Instead of shock and terror, his face registered delicious excitement. «A murder? Who was it? Who killed him? Did the body freeze onto the ice so it had to be scraped off? Was there blood? I bet that froze so it was like red ice.»

His questions slapped at her ears like gnats as she quickened her pace to, hopefully, escape into the house.

She opened the door to voices, a great many voices.

And there was a small, human creature of undetermined sex crawl­ing over the foyer tiles. It moved like lightning, and it was heading her way.

«Oh my God.»

«That's my cousin Cassie. Quick as a snake, she is. Best close the door.»

Eve not only closed it, but backed up against it as the crawling thing made a series of unintelligible noises, quickened the pace, and cor­nered her.

«What does it want?»

«Oh, just to say hello. You can pick her up. She's the sociable sort. Aren't you, Cassie darling?»

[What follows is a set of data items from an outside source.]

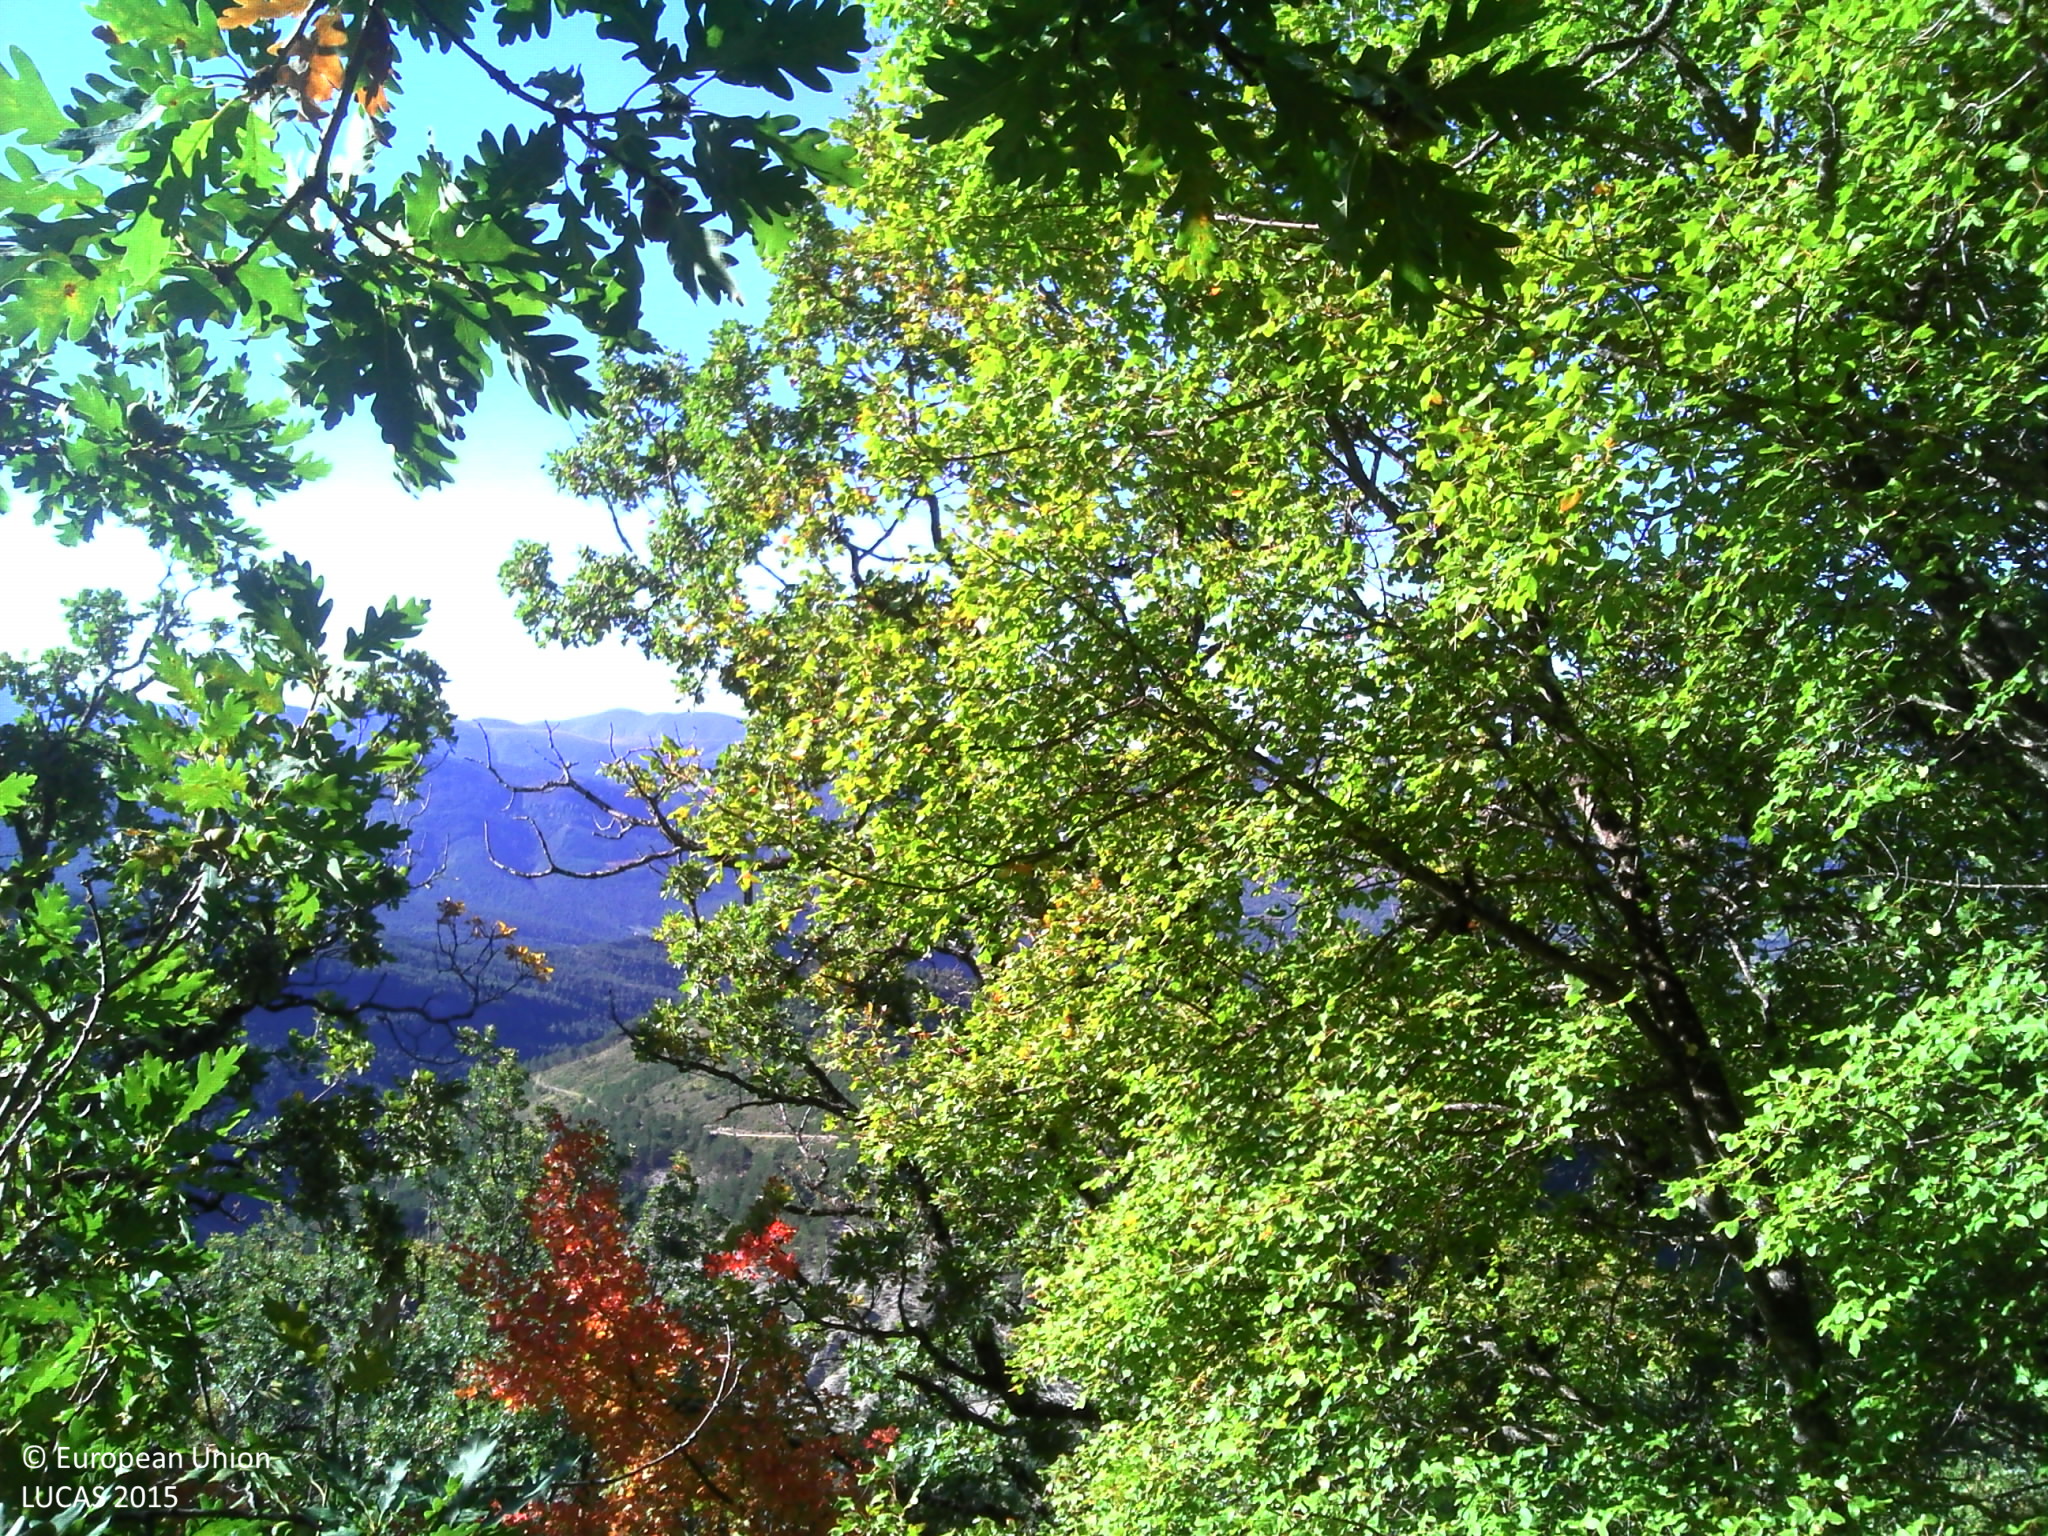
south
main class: Woodland
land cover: Broadleaved woodland
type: thermophilous deciduous forest
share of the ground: > 75 %
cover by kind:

It grinned, showing a couple of little white teeth, then to Eve's hor­ror, got a grip on the bottom of her coat and hauled itself up on its chubby legs. It said: «Da!»

«What does that mean?»

«It means most anything.»

A man dashed out of the parlor. He was tall, beanpole thin, with a messy thatch of dense brown hair. He grinned and in other circum­stances Eve might have found him charming.

«There she is. I'm on watch, and I take my eyes off the monkey for a split second and she's off to the races. No need to mention this to your aunt Reenie,» he said to Sean. Then to Eve's vast relief, scooped the baby up to bounce her casually on his hip.

«You'd be Eve. I'm your cousin Eemon, Sinead's son. It's lovely meeting you at last.»

Before she could speak, he'd wrapped his free arm around her, pulled her into a hug, and into intimate proximity with what was on his hip. Tiny fingers shot out, grabbed her hair.

Eemon laughed. «She's a fascination with hair, as she has so little of it yet herself.» Competently, he tugged the fingers free.

«Um» was all Eve could think of, but Eemon flashed that smile once more.

«And here you are, barely in your own door and we've got you sur­rounded. We're already scattered about the place, and sure a beauty of a place it is. Roarke and some of us are in the parlor there. Can I help you with your coat?»

«Coat? No. Thanks.» She was able to ease away, peel it off, toss it over the newel post.

«Gran!» Sean raced forward, and some of Eve's tension faded when she saw Sinead step into the foyer. At least this was someone she'd al­ready met.

«You'll never guess it.» Brimming with excitement, Sean danced in a circle. «Cousin Eve said there was a murder at the skating place. A dead body.»

«Murder usually involves a dead body.»

It occurred to Eve, quite suddenly, that murder probably hadn't been an appropriate point of conversation. «It was last year. It's okay now.»

«I'm relieved to hear it, as there's a considerable horde who's looking forward to taking a spin on the ice.» She grinned, stepped forward.

She was slim and lovely. Delicate white skin and fine features, golden red hair and sea green eyes. The same face, Eve thought, her twin—Roarke's mother—would have had if she'd lived.

She kissed Eve's cheek. «Thank you for having us in your home.»

«Oh. Sure, but it's Roarke's—«

«Whatever he built, it's the home you've made together. How is it you manage such a place?» She hooked an arm through Eve's as she walked back toward the parlor. «Sure I'd be lost half the time.»

«I don't, really. Manage it. Summerset.»

«Competent, he looks it. A bit intimidating as well.»

«I'll say.»

But she'd have handled him better than the sight in the parlor. There were so many of them. Had he said there were so many? They were all talking and eating. More kids—the couple others she'd seen outside. They must have come around the side, she thought. Or just whizzed through, invisibly.

Roarke was in the process of serving an older woman a cup of some­thing. She sat in one of the high-backed chairs, her head crowned with white hair, her eyes strong and blue.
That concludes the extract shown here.